Как же воспитывался, формировался великий монтаньяр? Сам Марат рассказал об этом в 1793 году на страницах своей легендарной газеты. В рассказе интересно не только то, что он сообщает, но и как он это излагает. Длинная цитата тем самым не только допустима, она абсолютно необходима: «Благодаря редкой удаче я получил очень тщательное воспитание в отцовском доме, избежав всех порочных привычек детства, растлевающих и унижающих человека, всех промахов юности, и достигнул зрелости, ни разу не отдавшись пылу страстей: в двадцать один год я был девственником и уже в течение долгого времени предавался кабинетным размышлениям.

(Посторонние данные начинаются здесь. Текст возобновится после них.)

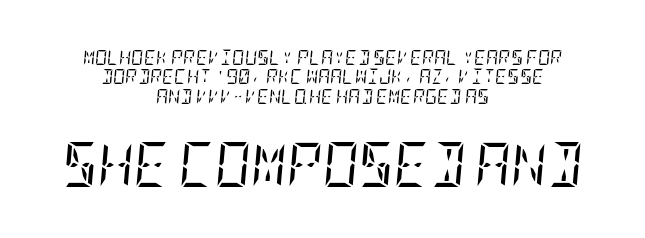
The glyphs look as if they've been sheared to an angle. What stands out about the letter spacing? Nothing — it is the standard amount. Lines of text with bare space underneath. Typesetter's note — lower block bumped up in size, upper block left smaller.
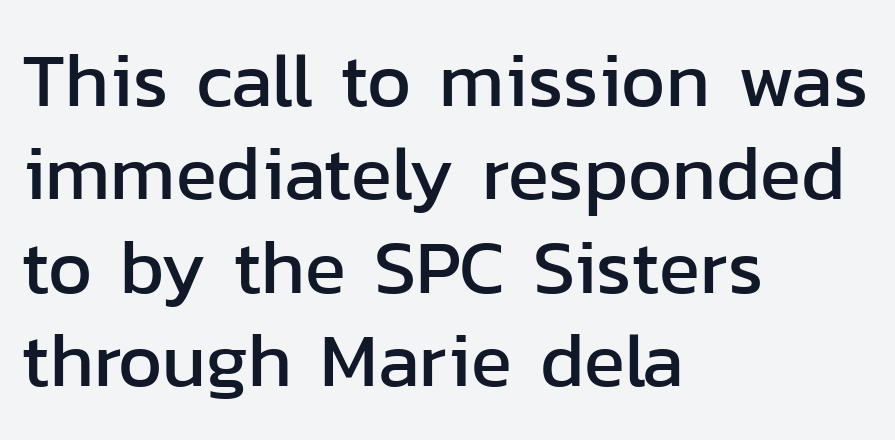
{"serif": "no", "italic": "no", "width": "normal", "stroke_contrast": "low", "x_height": "medium", "monospaced": "no", "underline": "no", "align": "left", "line_spacing_ratio": 1.23, "letter_spacing": "normal", "letter_spacing_em": 0.0, "glyph_px": 76}
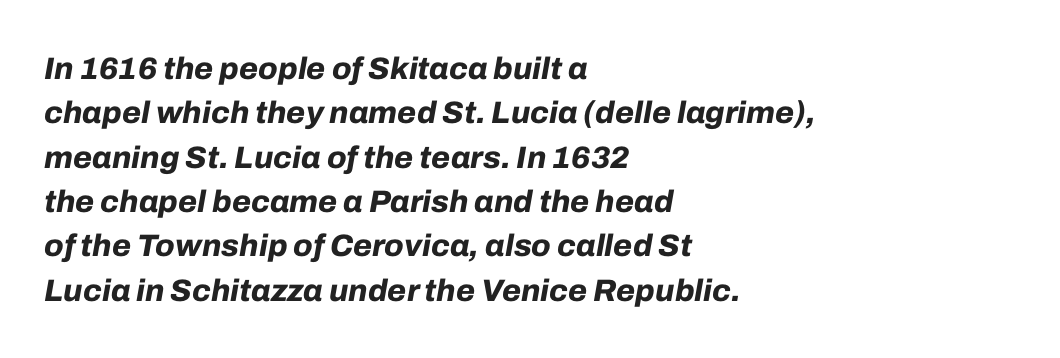
The image shows 31 px bold type, italic (leaning right); set left-aligned, normal line spacing (1.43x), normal letter spacing, not underlined; low stroke contrast and a medium x-height.
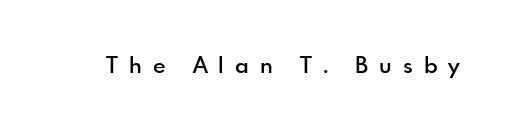
{"italic": "no", "bold": "semi", "underline": "no", "letter_spacing": "wide", "letter_spacing_em": 0.5, "glyph_px": 22}
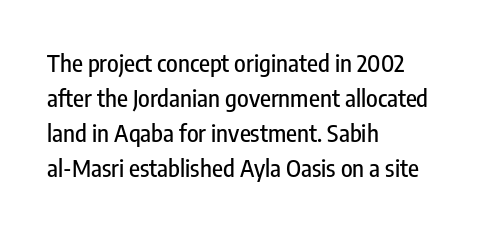
Style check: upright. The designer left line spacing at the default. Casual observation: everything's shoved over to the left. Tracking here is standard; glyphs follow each other at the usual distance. The foot of each line stays bare and open.
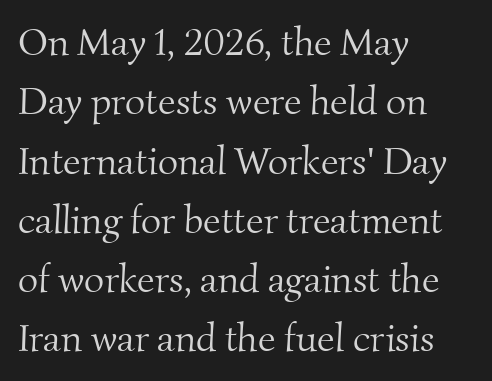
The image shows 39 px light serif type; set left-aligned, normal line spacing (1.52x), normal letter spacing, not underlined; medium stroke contrast and a small x-height.
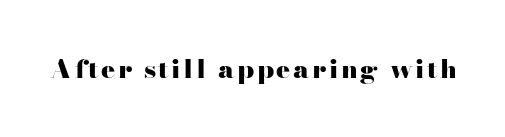
Heavy, bold letterforms. Tall strokes in this sample are plumb rather than angled. The strip under each line holds only bare page.

Единственная страсть, пожиравшая мою душу, была любовь к славе, но это был еще только огонь, тлевший над пеплом.

Этот душевный склад я получил от природы, но развитием характера я обязан моей матери, потому что отец стремился только к тому, чтобы сделать из меня ученого.

Эта почтенная женщина, утрату которой я до сих пор оплакиваю, воспитывала меня с первых лет; она вызывала в моем сердце человеколюбие, любовь к справедливости и славе; эти драгоценные чувства стали вскоре единственными страстями, определившими с тех пор мою судьбу. Через мои руки она передавала пособия нуждающимся, и сочувствие, которым она одушевлена, разговаривая с ними, она внушила и мне.

Любовь к людям является основой любви к справедливости, потому что идея справедливости порождается в такой же мере чувством, как и разумом. Уже в восемь лет у меня было развитое моральное чувство; уже в этом возрасте я не выносил дурного обращения с кем-либо; жестокость вызывала во мне возмущение, и всегда зрелище несправедливости переворачивало всю мою душу как личное оскорбление.

Первые годы я был очень хилым; мне были чужды поэтому необузданность, ветреность, детские игры. Так как я был послушным и прилежным, мои учителя добивались от меня всего мягкостью. Я был наказан только один раз, и несправедливое унижение произвело на меня столь сильное впечатление, что вернуть меня под указку моего воспитателя было невозможно: целых два дня я отказывался принимать пищу. Мне было тогда одиннадцать лет: судите о твердости моего характера уже в этом возрасте по одной этой черте. Так как мои родители не могли меня сломить и родительский авторитет оказался задетым, меня заперли в комнате. Будучи не в силах преодолеть негодование, я задыхался, я открыл окно и бросился вниз, на улицу. К счастью, окно было расположено невысоко, но тем не менее при падении я был сильно ранен, и до сих пор у меня сохранился шрам на лбу.

Легкомысленные люди, упрекающие меня в том, что я — упрямец, увидят, что я был им уже с давних лет. Но чему они, возможно, не поверят: с ранних лет меня пожирала любовь к славе, страсть, в различные периоды моей жизни менявшая цель, но ни на минуту меня не покидавшая. В пять лет я хотел стать школьным учителем, в пятнадцать лет — профессором, писателем — в восемнадцать, творческим гением — в двадцать, как сейчас я жажду славы — принести себя в жертву отечеству».

Субъективность, самоукрашение — отличительная черта любых мемуаров или автобиографий. Марат — редкое исключение. Он действительно предельно искренен, и в этом дает возможность убедиться вся его последующая жизнь. Ее высшим законом от начала до конца будет и в самом деле стремление, страсть, доходящая порой до безумия, истинная любовь к справедливости. И эта справедливость изливается прежде всего на бедных, что видно даже из приведенного отрывка.